Лариса Васильевна! – отразил я атаку.
Ее обожаемый торчок отошел в сторонку и, приняв позу терпеливого ожидания, волчонком покосился на меня.
– Учти, Соболевский, – продолжила англичанка, совершенно напрасно буравя меня глазами, – я приеду к тебе в Дарагановку! Сама приеду! И завтра же!
– Приезжайте, Лариса Васильевна! Вы же знаете, я всегда рад вас видеть.
Ей очень хотелось сказать мне что-нибудь убийственное. Может быть, даже зубами вцепиться в лицо. Но сдерживающий фактор стоял за спиной. И тоже, кстати, сопел от возмущения. Наверняка ему хотелось проявить себя.
Она проговорила с умеренной строгостью:
– Ко мне можешь приходить в любой день. Ты знаешь, где я живу. В училище я бываю три раза в неделю.
– Хорошо, Лариса Васильевна. Я, правда, бываю всего один раз, но ничего, думаю, когда-нибудь встретимся.
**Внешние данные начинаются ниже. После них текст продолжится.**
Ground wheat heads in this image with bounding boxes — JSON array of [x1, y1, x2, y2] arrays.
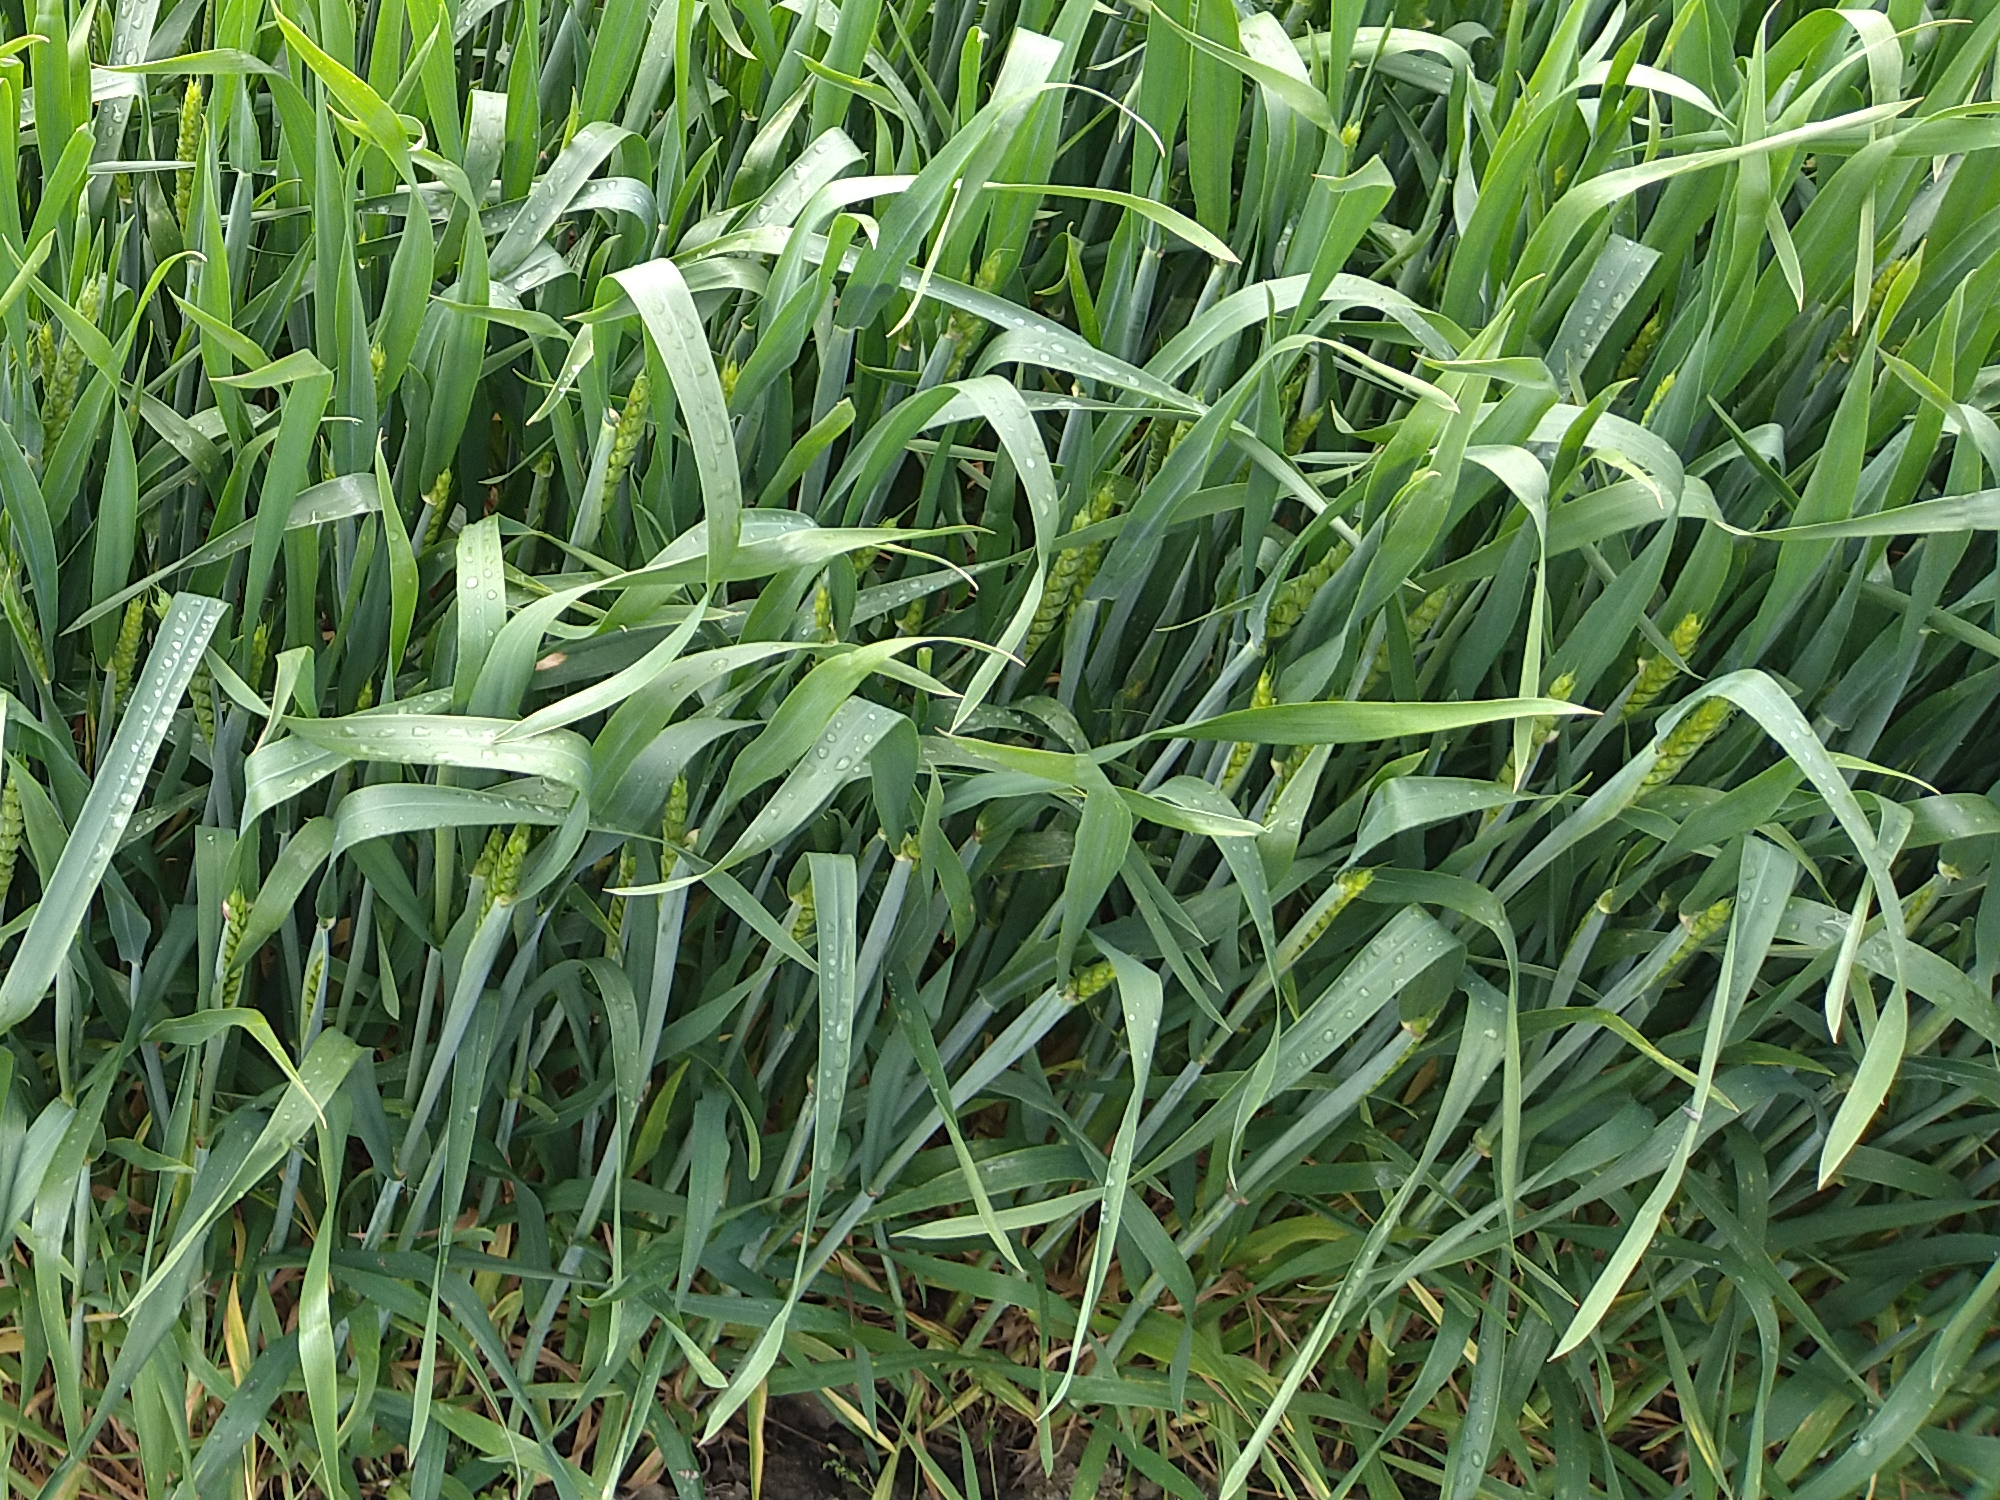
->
[[1291, 868, 1374, 960], [346, 680, 375, 766], [782, 882, 826, 955], [1253, 522, 1361, 638], [1065, 957, 1113, 999], [1289, 407, 1326, 454], [1343, 124, 1361, 170], [1562, 896, 1603, 964], [203, 0, 213, 48], [1412, 0, 1437, 30], [244, 627, 266, 698], [1086, 486, 1113, 566], [0, 520, 56, 676], [1638, 895, 1734, 990], [947, 257, 1000, 377], [891, 830, 925, 860], [1358, 575, 1452, 693], [213, 895, 254, 1009], [176, 72, 206, 201], [0, 765, 28, 906], [1502, 0, 1517, 30], [597, 369, 655, 515], [1273, 743, 1313, 803], [1217, 670, 1274, 796], [1363, 1014, 1434, 1093], [188, 654, 219, 742], [366, 350, 387, 383], [602, 843, 636, 964], [90, 20, 98, 64], [806, 514, 896, 644], [1870, 257, 1905, 326], [1614, 312, 1660, 407], [1276, 378, 1302, 427], [409, 469, 451, 557], [114, 602, 145, 699], [298, 958, 324, 1039], [1549, 169, 1565, 204], [1620, 615, 1704, 720], [1218, 548, 1244, 622], [36, 280, 107, 465], [661, 783, 688, 873], [472, 826, 499, 901], [1856, 878, 1947, 972], [1021, 504, 1091, 659], [719, 362, 741, 395], [1826, 1064, 1865, 1092], [1478, 673, 1578, 840], [1641, 373, 1676, 431], [38, 327, 53, 384], [1628, 697, 1731, 805], [1150, 409, 1176, 468], [479, 822, 531, 933], [898, 594, 926, 633], [1165, 421, 1195, 464]]

А за книгу не беспокойтесь! Я отношусь к ней бережно. Как к женщине.
Она была в замешательстве. Тот, за спиной, ей здорово мешал.
И я повернулся, чтобы уйти. И вдруг услышал его голос:
– Ну, ты понял, что тебе сказали?!
Словно это я был первогодкой, а он уже заканчивал бурсу! Меня как обухом огрели по башке. Чуть не задохнулся от взрыва чувств. И, наверное, поэтому не смог ничего сказать.
Некоторое время я смотрел на него округленными глазами. Смотрел на его ровный пробор, аккуратно уложенные волосы со следами расчески, на его молочное лицо и на черненький пушок над верхней губой, из которого он, видимо, спешил оформить усы. И он потянул меня к себе. Я подошел, взял его за локоть и тихонько сказал:
– А кто тебя просил совать сопливый нос в чужой разговор?
С этими словами резко развернул его и что было силы врезал коленом под зад. Молодец отскочил на несколько шагов и выронил из рук свой пузатый портфель.
– Соболевский, прекрати! – закричала англичанка.
Но в голове уже громко стучали молотки. Стучали гневно, с нарастающей силой.
Мальчишка в растерянности кинулся поднимать портфель, но потом передумал и бросился на меня. Махнул раза два в воздухе неуклюжими руками и раскрыл свою физиономию для удара. И я ударил. Сильно и точно, от всего сердца.
И он буквально сковырнулся. Перелетел через стриженый кустарник, упал и тут же вскочил. Волосы его безобразно взлохматились, молочное лицо окрасилось розовым, из одной ноздри вытекла капелька крови.
– Соболевский, прекрати, я сказала! Прекрати немедленно! – где-то вдалеке продолжала кричать англичанка.
Но меня уже охватила дрожь, в глазах поплыла рябь, голова превратилась в одну большую наковальню.
– Теперь ты понял, как обучают правилам хорошего тона? – сказал я пацану, который в полной растерянности метался за кустами.
Он шмыгнул носом и окрысился:
– Не понял! Не понял!
И я тут же достал его через кусты. Сильнее прежнего. Он рухнул навзничь на перекопанный газон. И на этот раз поднялся не скоро. От агрессивности его не осталось следа. На лице был только страх.